In tubular reabsorption, some materials from the glomerular filtrate are selectively reabsorbed back into the blood. The kidney selectively retrieves water, solutes, and other filtered solutes the body needs from tubular fluid and transfers them into the blood. Tubular reabsorption works with various forms of transport reabsorbing substances in certain parts of the renal tubule. Water is reabsorbed via osmosis, glucose and amino acids are reabsorbed via active transport, and proteins are reabsorbed via endocytosis. If the concentration of a certain substance in the glomerular filtrate surpasses its renal plasma threshold, the surplus is excreted as urine. The residual materials in the filtrate are concentrated while water is being reabsorbed.
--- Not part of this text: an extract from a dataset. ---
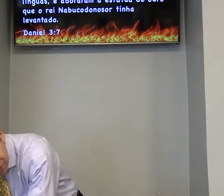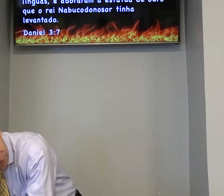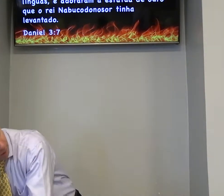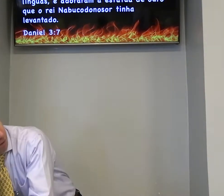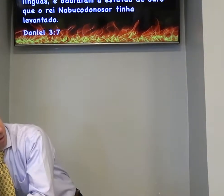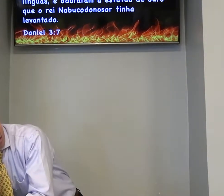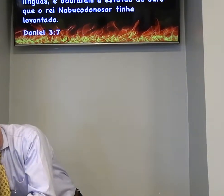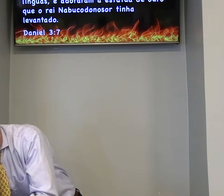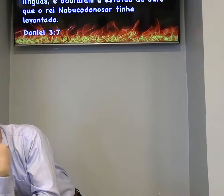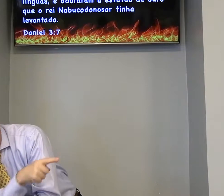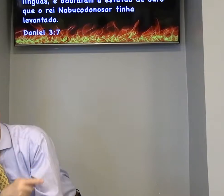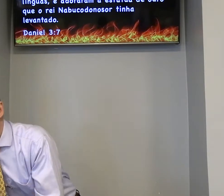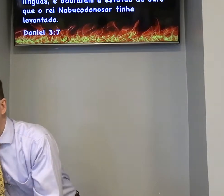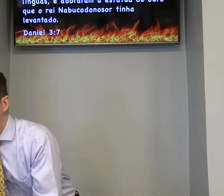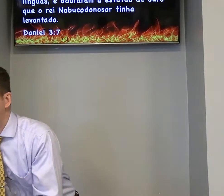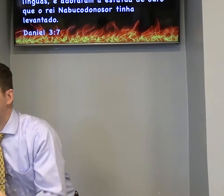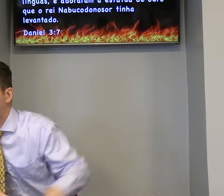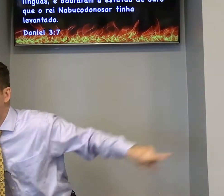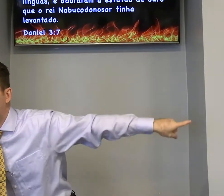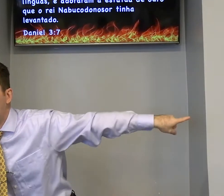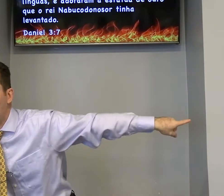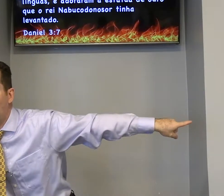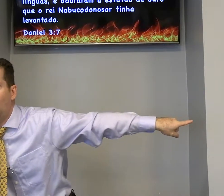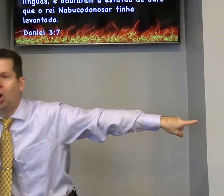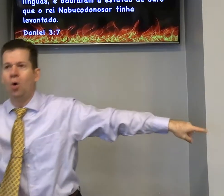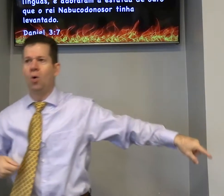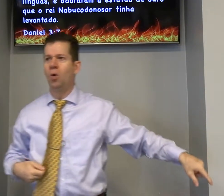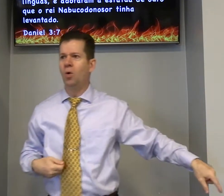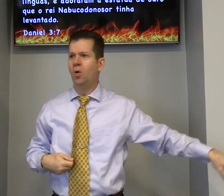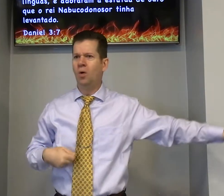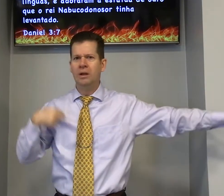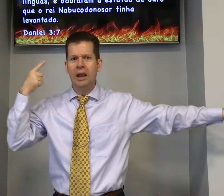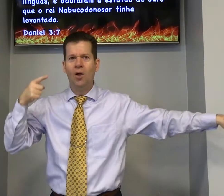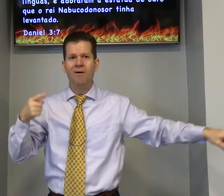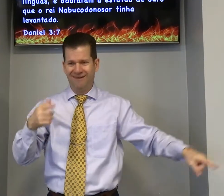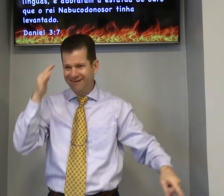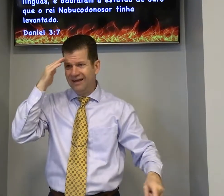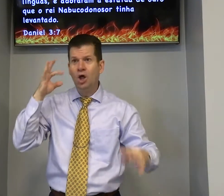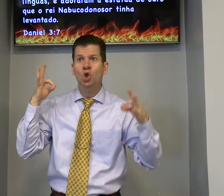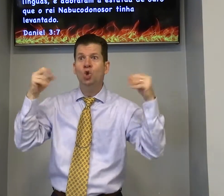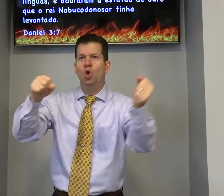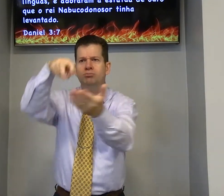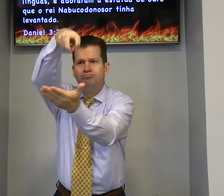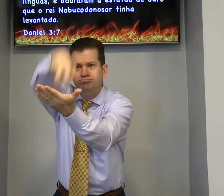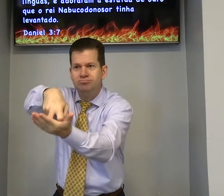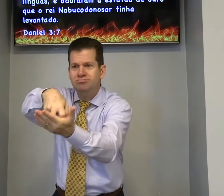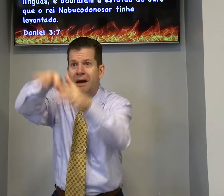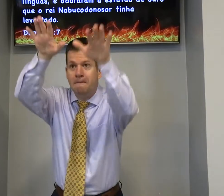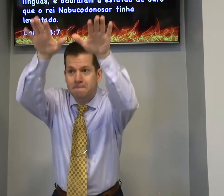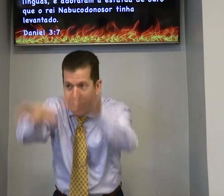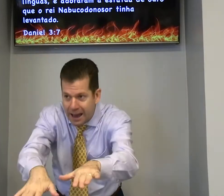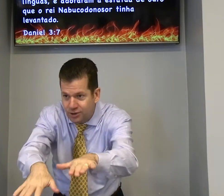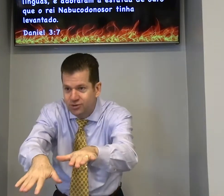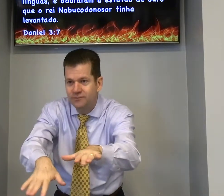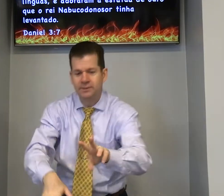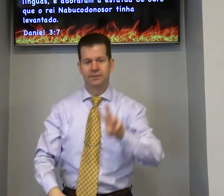todas as pessoas ficaram ajoelhadas e viu os três pensando nossa esses são loucos doidos porque eles não

And in tubular secretion, some materials of blood plasma are selectively dispatched into tubules. Tubular secretion transfers material the body must elimiate quickly, such as hydrogen ions and specific toxins, out of the blood and into tubular fluid. Many of the substances, such as hydrogen ions and potassium ions, are actively secreted via active transport mechanisms.
Our bodies control tubular reabsorption and tubular secretion by regulating urine concentration and volume. The kidneys ability to maintain their internal environment relies on their potential to concentrate urine by means of reabsorbing significant amounts of water. The solute concentration of urine is managed, as most of the sodium ions are reabsorbed before urine is excreted. Sodium ions are concentrated in the renal medulla via a countercurrent mechanism. This countercurrent mechanism makes certain that the medullary interstitial fluid is hypertonic fluid, meaning that it looses water. When water removal is needed, no ADH is released, and fluid is excreted as urine as the distal convoluted tubule and collecting duct are impermeable to water. When water removal is not needed, ADH from the posterior pituitary gland is secreted, enhancing the permeability of the distal convoluted tubule and collecting duct, and enhancing water reabsorption.